With the pictures set aside, write out all of the data exactly as it stands.

EXERCISE DATA
━━━━━━━━━━━━━━━━━━━━
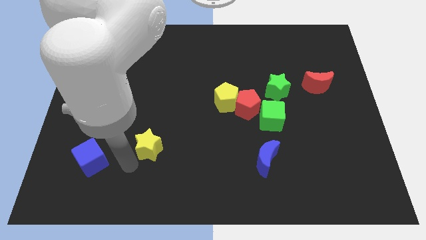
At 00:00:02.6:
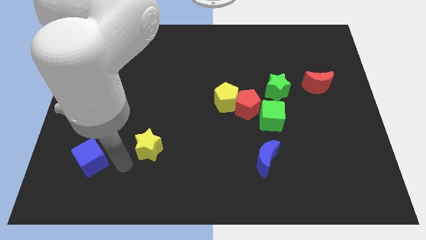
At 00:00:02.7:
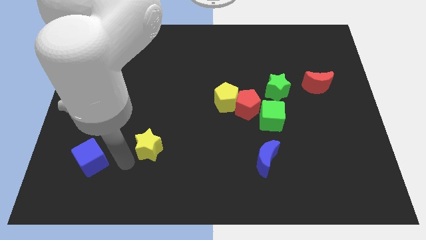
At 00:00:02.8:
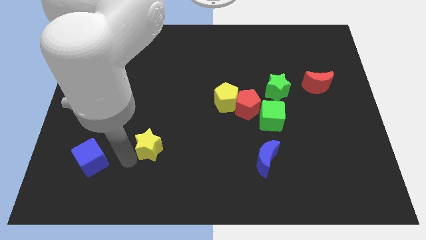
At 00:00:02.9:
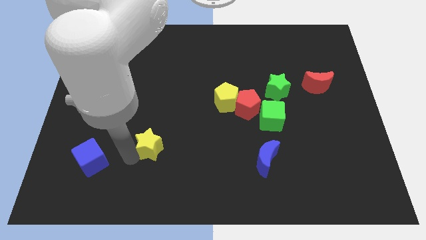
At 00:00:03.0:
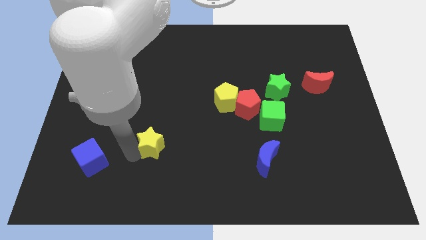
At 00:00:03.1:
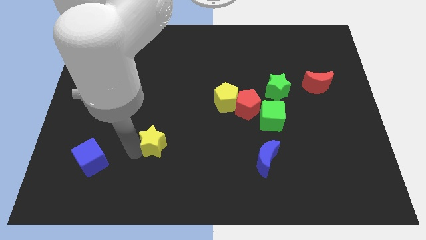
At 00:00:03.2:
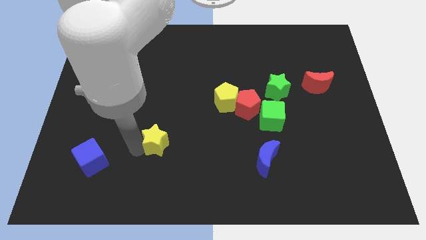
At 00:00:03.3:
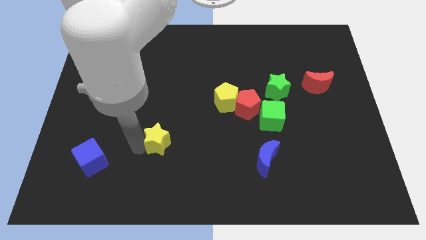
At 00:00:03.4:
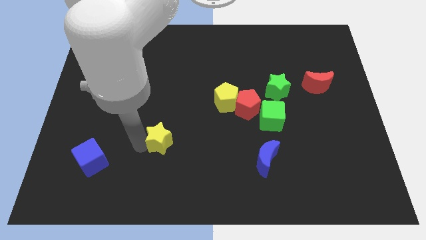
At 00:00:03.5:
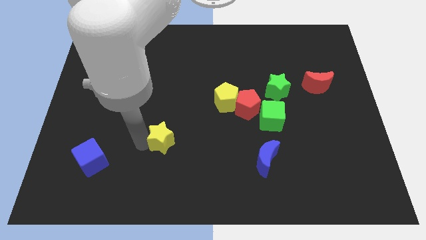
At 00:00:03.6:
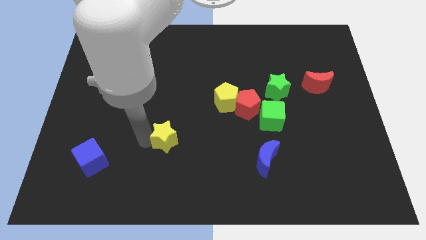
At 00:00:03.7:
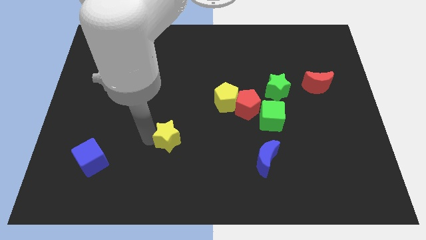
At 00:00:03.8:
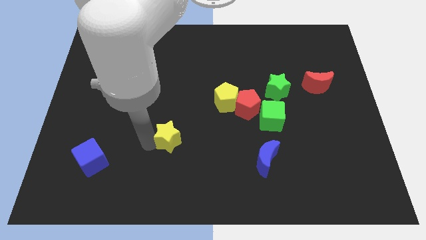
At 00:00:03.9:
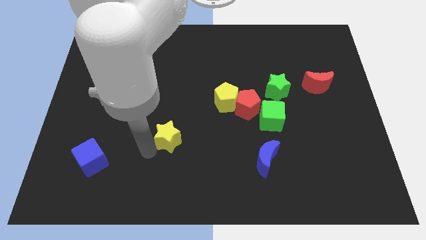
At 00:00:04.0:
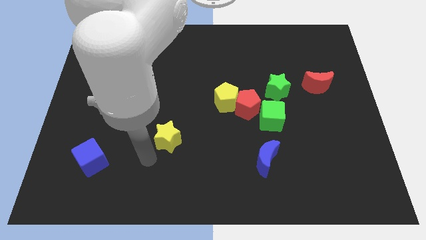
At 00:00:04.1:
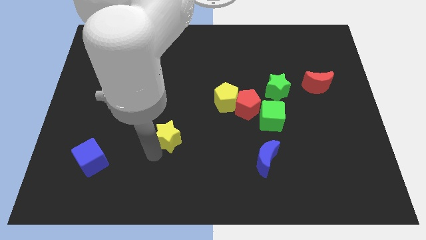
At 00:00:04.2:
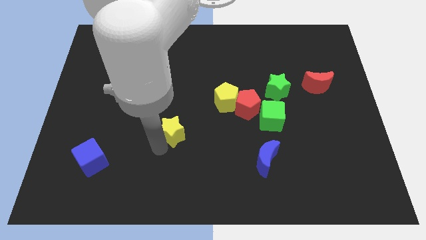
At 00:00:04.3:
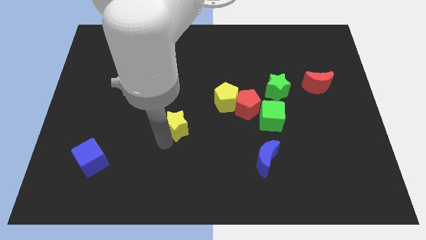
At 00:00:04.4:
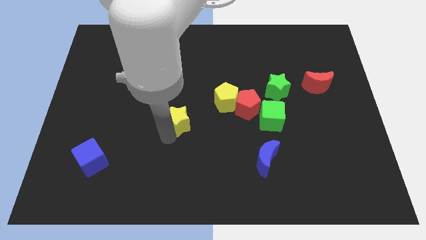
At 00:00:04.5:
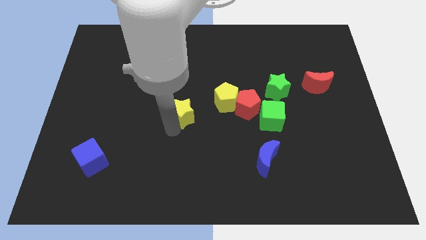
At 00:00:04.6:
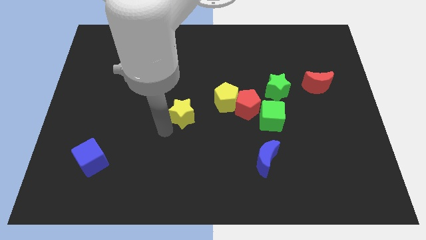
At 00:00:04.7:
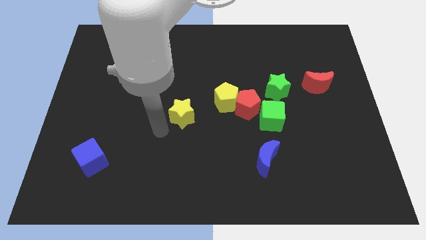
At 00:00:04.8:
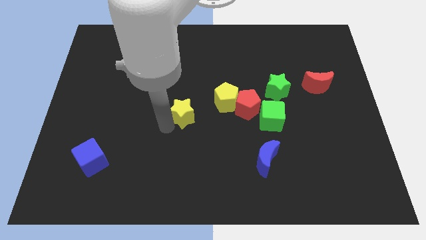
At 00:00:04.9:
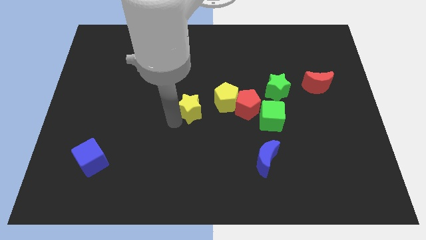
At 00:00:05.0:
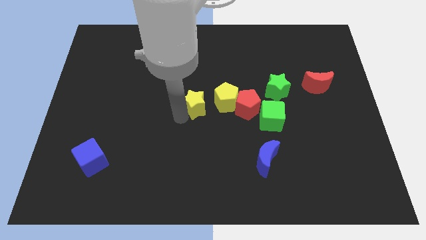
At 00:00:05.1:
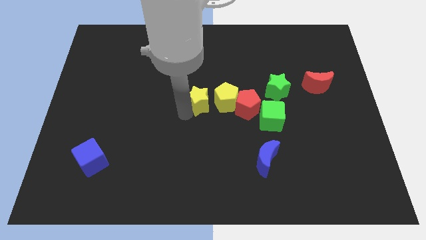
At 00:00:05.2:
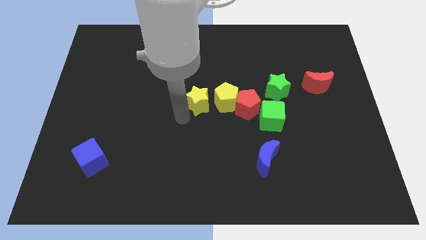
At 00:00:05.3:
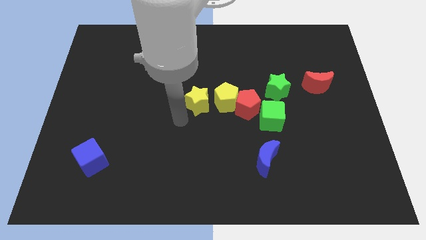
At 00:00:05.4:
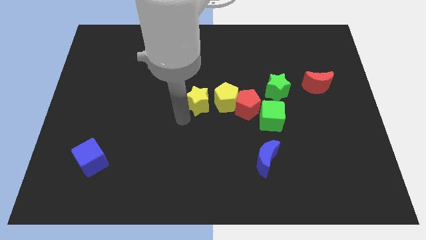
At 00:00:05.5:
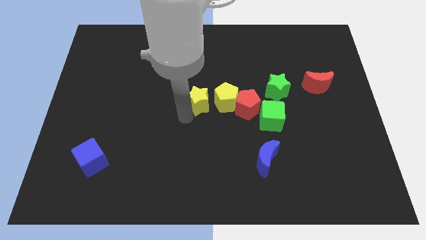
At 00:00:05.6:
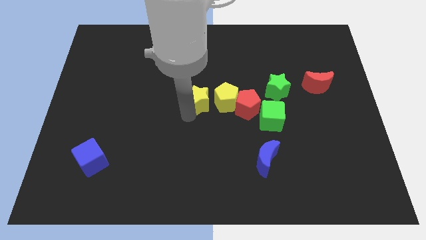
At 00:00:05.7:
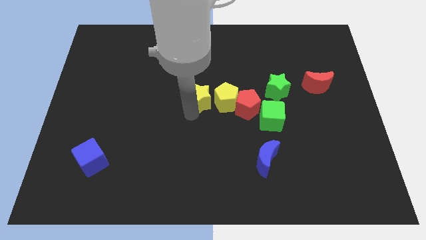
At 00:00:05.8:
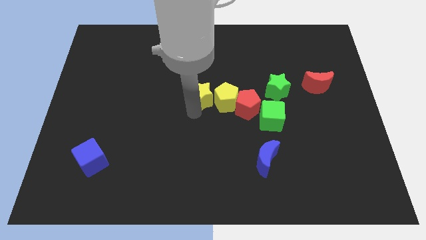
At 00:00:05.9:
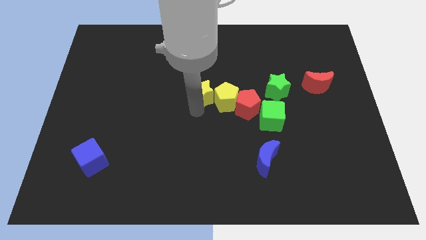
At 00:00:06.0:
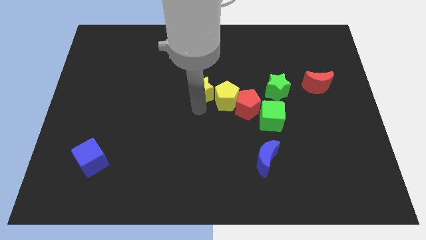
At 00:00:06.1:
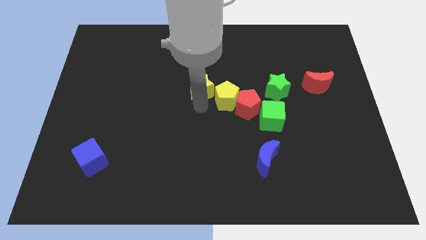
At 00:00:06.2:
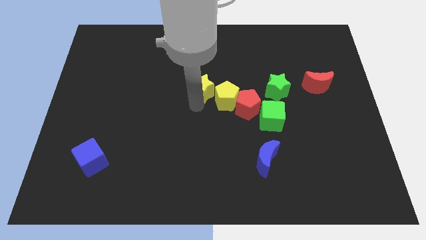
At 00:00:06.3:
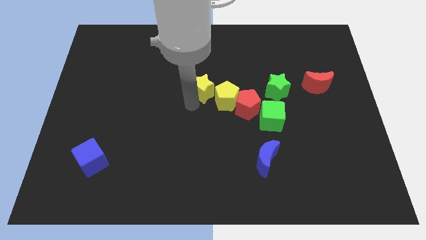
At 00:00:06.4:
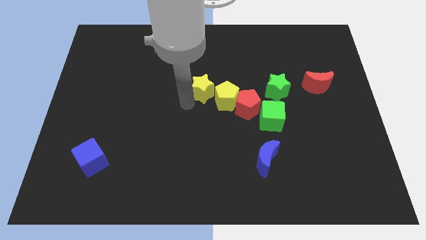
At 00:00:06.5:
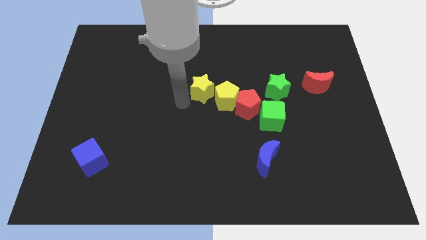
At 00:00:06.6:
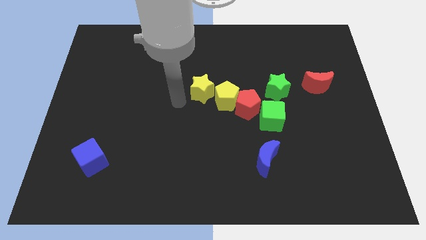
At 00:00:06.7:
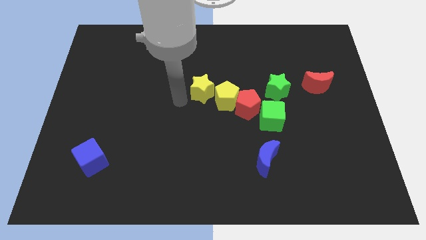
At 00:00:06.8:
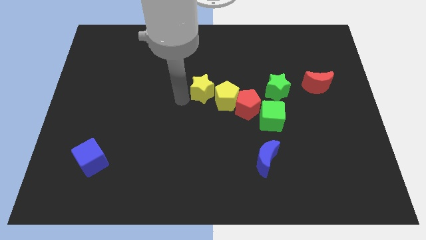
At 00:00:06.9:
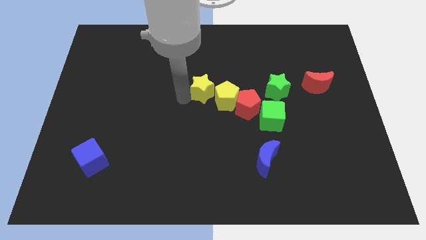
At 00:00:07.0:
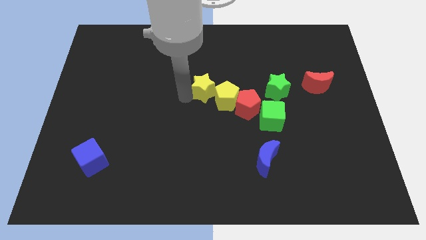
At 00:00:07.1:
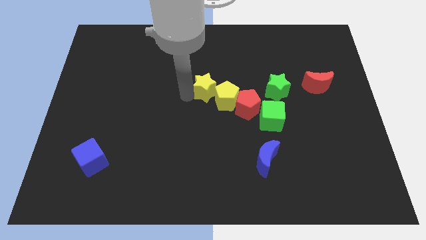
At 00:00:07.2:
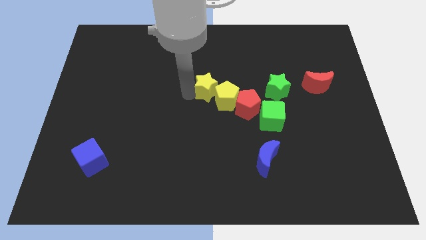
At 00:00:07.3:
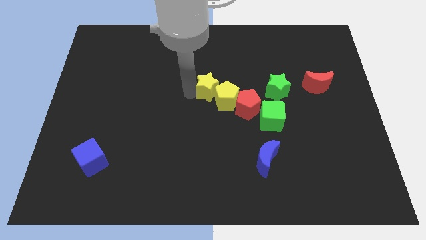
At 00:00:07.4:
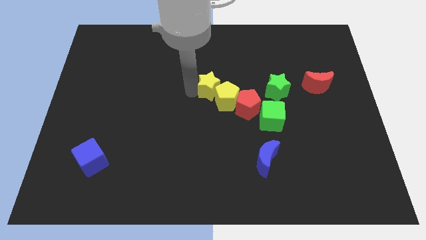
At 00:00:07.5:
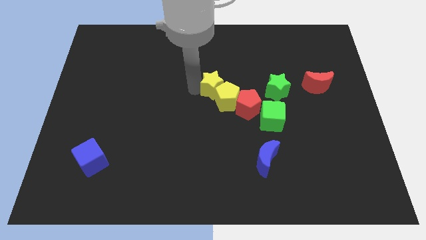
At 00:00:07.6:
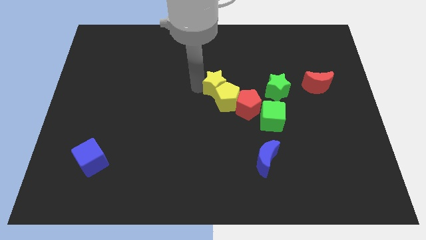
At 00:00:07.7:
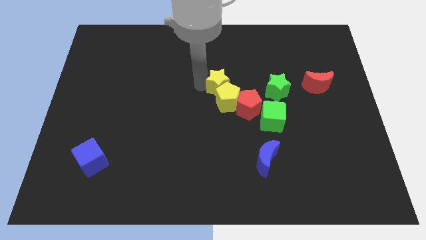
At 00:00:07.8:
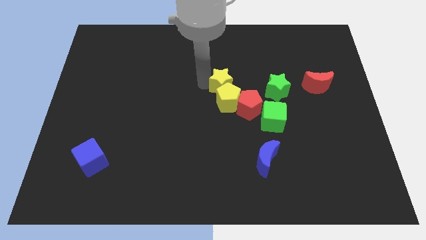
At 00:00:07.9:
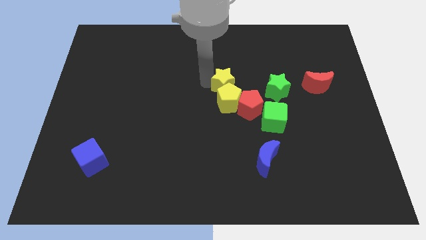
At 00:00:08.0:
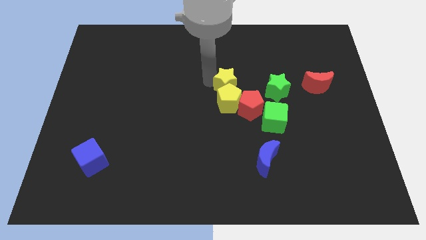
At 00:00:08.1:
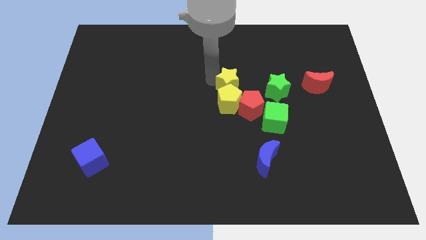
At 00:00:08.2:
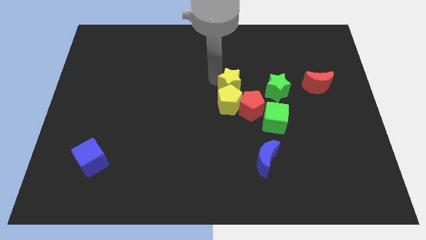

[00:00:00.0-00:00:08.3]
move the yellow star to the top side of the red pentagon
━━━━━━━━━━━━━━━━━━━━
RESULT OF THE TASK
At 00:00:02.6:
At 00:00:02.7:
At 00:00:02.8:
At 00:00:02.9:
At 00:00:03.0:
At 00:00:03.1:
At 00:00:03.2:
At 00:00:03.3:
At 00:00:03.4:
At 00:00:03.5:
At 00:00:03.6:
At 00:00:03.7:
At 00:00:03.8:
At 00:00:03.9:
At 00:00:04.0:
At 00:00:04.1:
At 00:00:04.2:
At 00:00:04.3:
At 00:00:04.4:
At 00:00:04.5:
At 00:00:04.6:
At 00:00:04.7:
At 00:00:04.8:
At 00:00:04.9:
At 00:00:05.0:
At 00:00:05.1:
At 00:00:05.2:
At 00:00:05.3:
At 00:00:05.4:
At 00:00:05.5:
At 00:00:05.6:
At 00:00:05.7:
At 00:00:05.8:
At 00:00:05.9:
At 00:00:06.0:
At 00:00:06.1:
At 00:00:06.2:
At 00:00:06.3:
At 00:00:06.4:
At 00:00:06.5:
At 00:00:06.6:
At 00:00:06.7:
At 00:00:06.8:
At 00:00:06.9:
At 00:00:07.0:
At 00:00:07.1:
At 00:00:07.2:
At 00:00:07.3:
At 00:00:07.4:
At 00:00:07.5:
At 00:00:07.6:
At 00:00:07.7:
At 00:00:07.8:
At 00:00:07.9:
At 00:00:08.0:
At 00:00:08.1:
At 00:00:08.2:

[00:00:00.0-00:00:08.3]
move the yellow star to the top side of the red pentagon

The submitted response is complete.